A magnetic field extends hundreds of kilometers from the surface of the planet. It serves as an invisible dome that reflects powerful galactic and solar radiation. During the collision of radiation particles with the Earth’s shell, many magnetic phenomena are formed. Let's look at the most famous of them.
Magnetic storms
The sun has a strong influence on our planet. It not only gives us warmth and light, but also provokes such unpleasant magnetic phenomena as storms. Their appearance is associated with an increase in solar activity and the processes that occur inside this star.
The Earth is constantly affected by the flow of ionized particles from the Sun. They move at a speed of 300-1200 km / s and are characterized as a solar wind. But from time to time on the star there are sudden emissions of a huge amount of these particles. They act on the earth’s shell like tremors and cause the magnetic field to oscillate.
Such storms usually last up to three days. At this time, some people on our planet are unwell. Fluctuations in the membrane affect us with headaches, increased pressure and weakness. Throughout life, a person experiences an average of 2000 storms.
Northern Lights
There are more pleasant magnetic phenomena in nature - the northern lights or aurora.
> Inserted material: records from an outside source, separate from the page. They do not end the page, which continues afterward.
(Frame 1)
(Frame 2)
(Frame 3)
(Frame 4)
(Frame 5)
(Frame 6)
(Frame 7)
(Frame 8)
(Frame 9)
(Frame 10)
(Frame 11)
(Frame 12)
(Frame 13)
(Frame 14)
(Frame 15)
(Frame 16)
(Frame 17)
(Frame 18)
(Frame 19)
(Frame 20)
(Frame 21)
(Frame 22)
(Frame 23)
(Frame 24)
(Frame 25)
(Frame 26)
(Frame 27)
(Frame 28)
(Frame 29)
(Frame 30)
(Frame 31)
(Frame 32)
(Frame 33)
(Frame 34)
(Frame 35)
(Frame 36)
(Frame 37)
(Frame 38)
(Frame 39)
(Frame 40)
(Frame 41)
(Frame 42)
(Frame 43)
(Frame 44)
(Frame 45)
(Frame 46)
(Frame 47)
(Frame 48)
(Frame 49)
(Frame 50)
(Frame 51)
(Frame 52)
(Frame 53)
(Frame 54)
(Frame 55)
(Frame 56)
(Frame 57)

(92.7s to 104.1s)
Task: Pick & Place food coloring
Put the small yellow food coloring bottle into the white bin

It manifests itself in the form of a glow of the sky with rapidly changing colors, and occurs mainly in high latitudes (67–70 °). With strong activity of the Sun, radiance is observed below.
At approximately 64 kilometers above the poles, charged solar particles meet with the far boundaries of the magnetic field. Here, some of them are sent to the Earth’s magnetic poles, where they interact with atmospheric gases, which is why the radiance appears.
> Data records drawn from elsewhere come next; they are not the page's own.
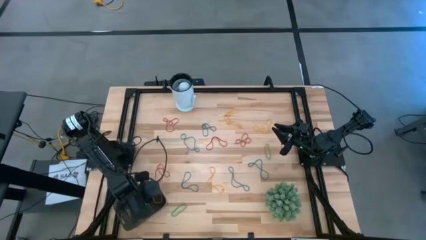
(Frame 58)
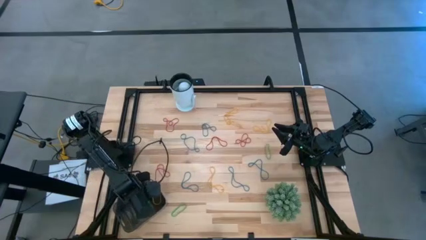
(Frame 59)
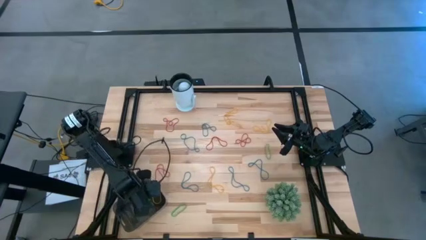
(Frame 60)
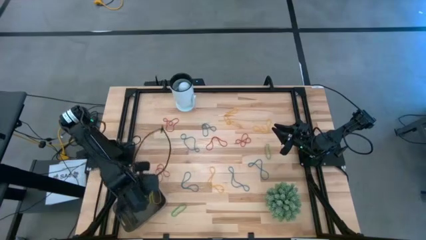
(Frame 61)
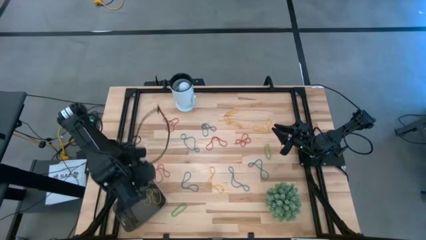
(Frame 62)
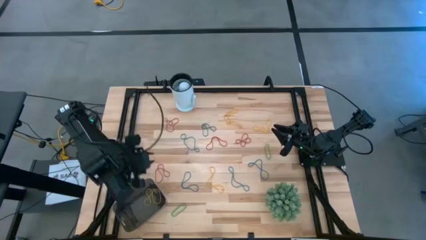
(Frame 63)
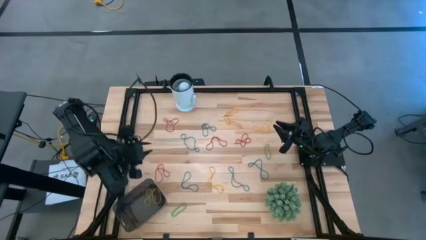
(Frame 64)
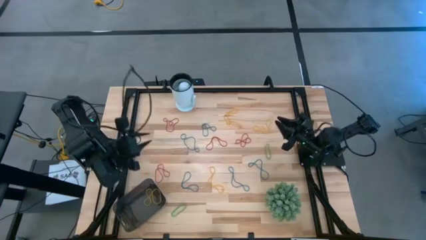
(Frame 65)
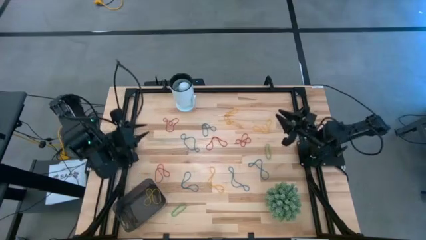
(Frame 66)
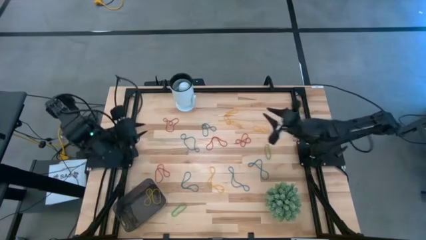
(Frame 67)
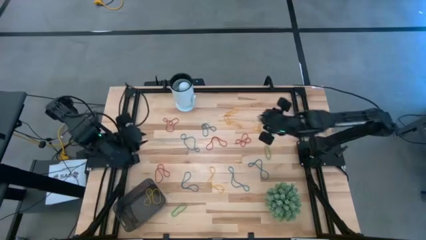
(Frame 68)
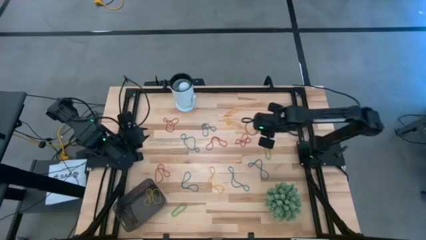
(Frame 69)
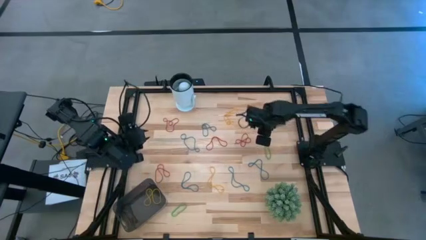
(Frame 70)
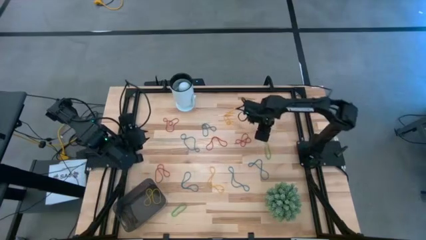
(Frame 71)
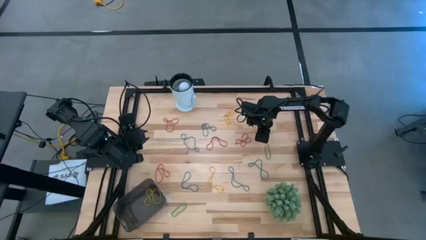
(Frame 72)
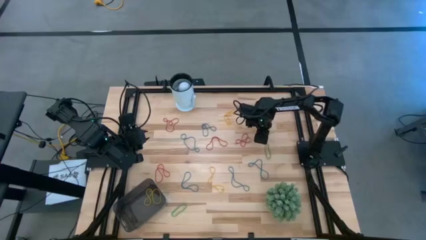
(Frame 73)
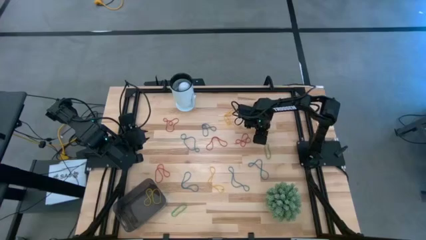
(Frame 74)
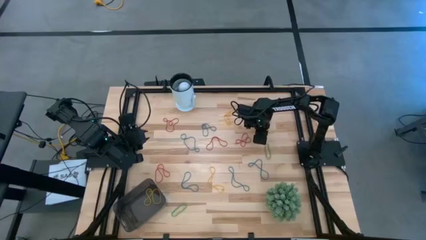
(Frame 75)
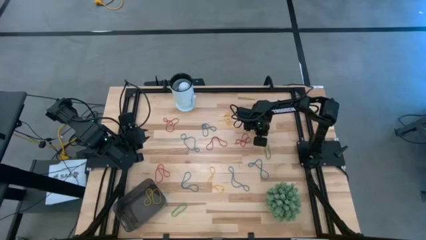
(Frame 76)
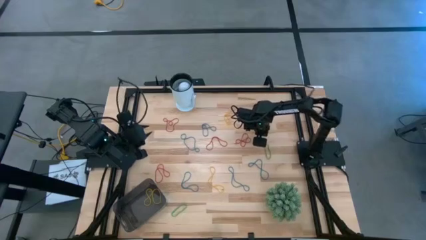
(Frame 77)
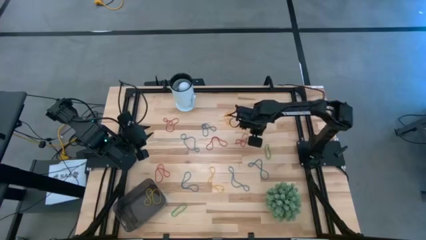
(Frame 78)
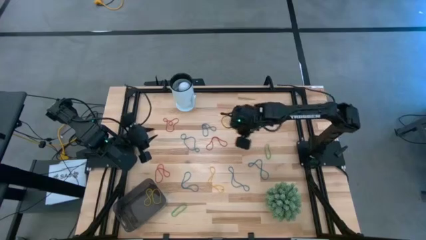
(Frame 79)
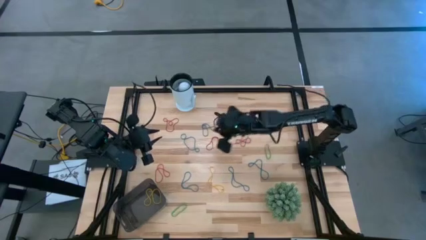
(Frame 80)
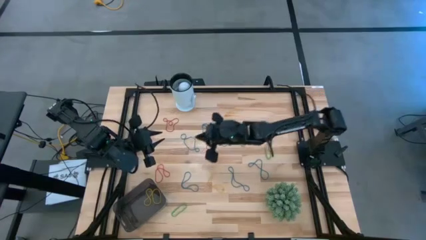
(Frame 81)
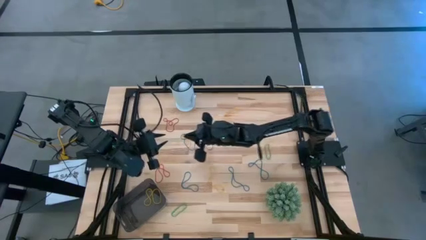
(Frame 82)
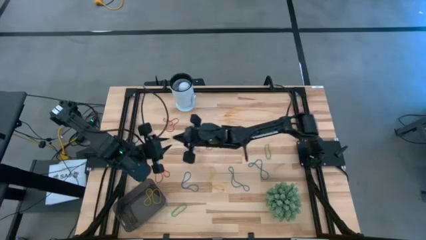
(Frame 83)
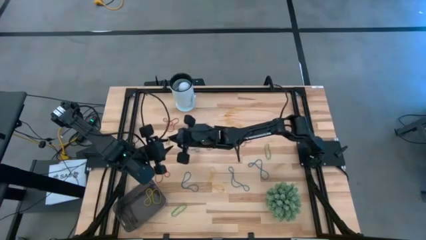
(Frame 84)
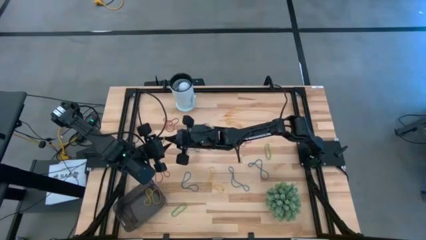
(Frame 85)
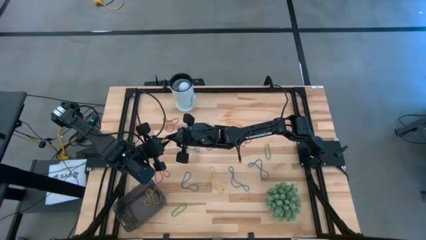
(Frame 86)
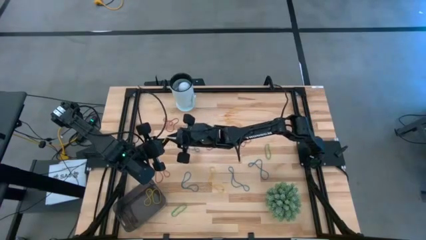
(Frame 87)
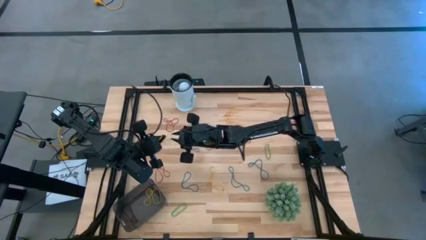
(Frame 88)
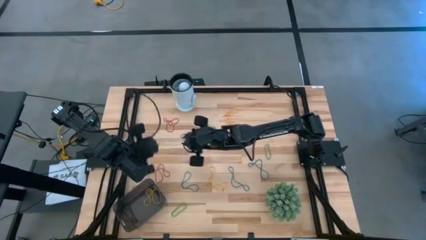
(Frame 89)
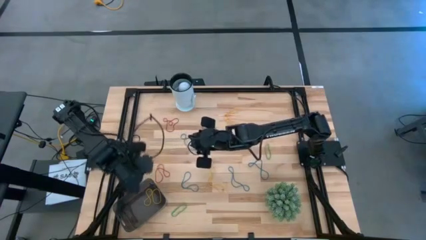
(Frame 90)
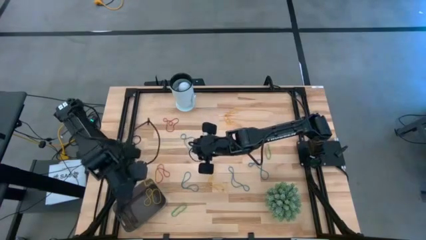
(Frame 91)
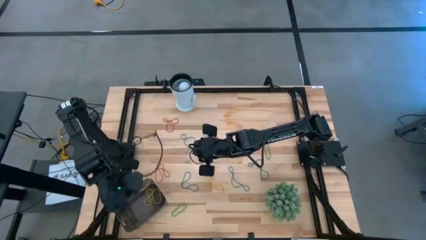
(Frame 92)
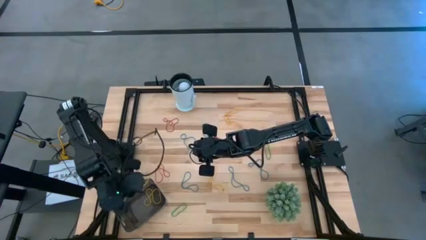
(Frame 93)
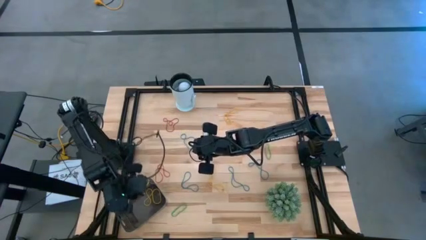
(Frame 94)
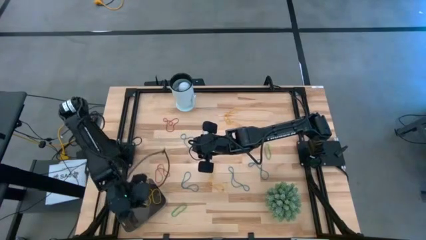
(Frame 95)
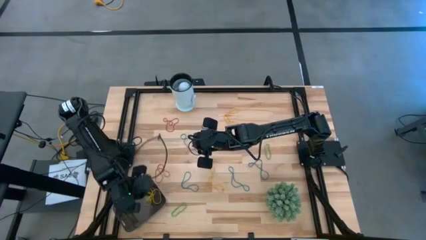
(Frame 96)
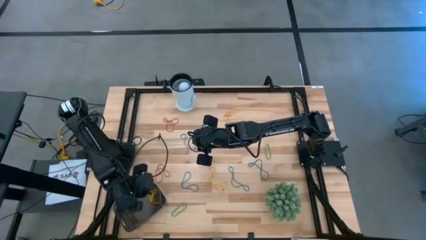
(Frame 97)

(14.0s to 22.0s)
Task: Pick and place items into bin
Put the yellow rubber band into the black bin

The spectrum of the glow depends on the composition of the air and its sparseness. The red glow occurs at an altitude of 150 to 400 kilometers. Blue and green shades are associated with a high content of oxygen and nitrogen. They occur at an altitude of 100 kilometers.
Magnetoreception
The main science studying magnetic phenomena is physics. However, some of them may affect biology. For example, the magnetosensitivity of living organisms is the ability to recognize the Earth's magnetic field.
This unique gift is possessed by many animals, especially migratory species. The ability to magnetoreception was found in bats, pigeons, turtles, cats, deer, some bacteria, etc. It helps animals navigate in space and find their home, moving away from it for tens of kilometers.
If a person uses a compass for orientation, then animals use completely natural tools. Scientists cannot yet determine exactly how and why magnetoreception works. But it is known that pigeons are able to find their home even if they are taken away from it for hundreds of kilometers, while closing the bird in an absolutely dark box. Turtles find their birthplace even years later.
Thanks to their "superpowers" animals foresee the eruption of volcanoes, earthquakes, storms and other disasters. They subtly sense fluctuations in a magnetic field, which increases the ability to self-preservation.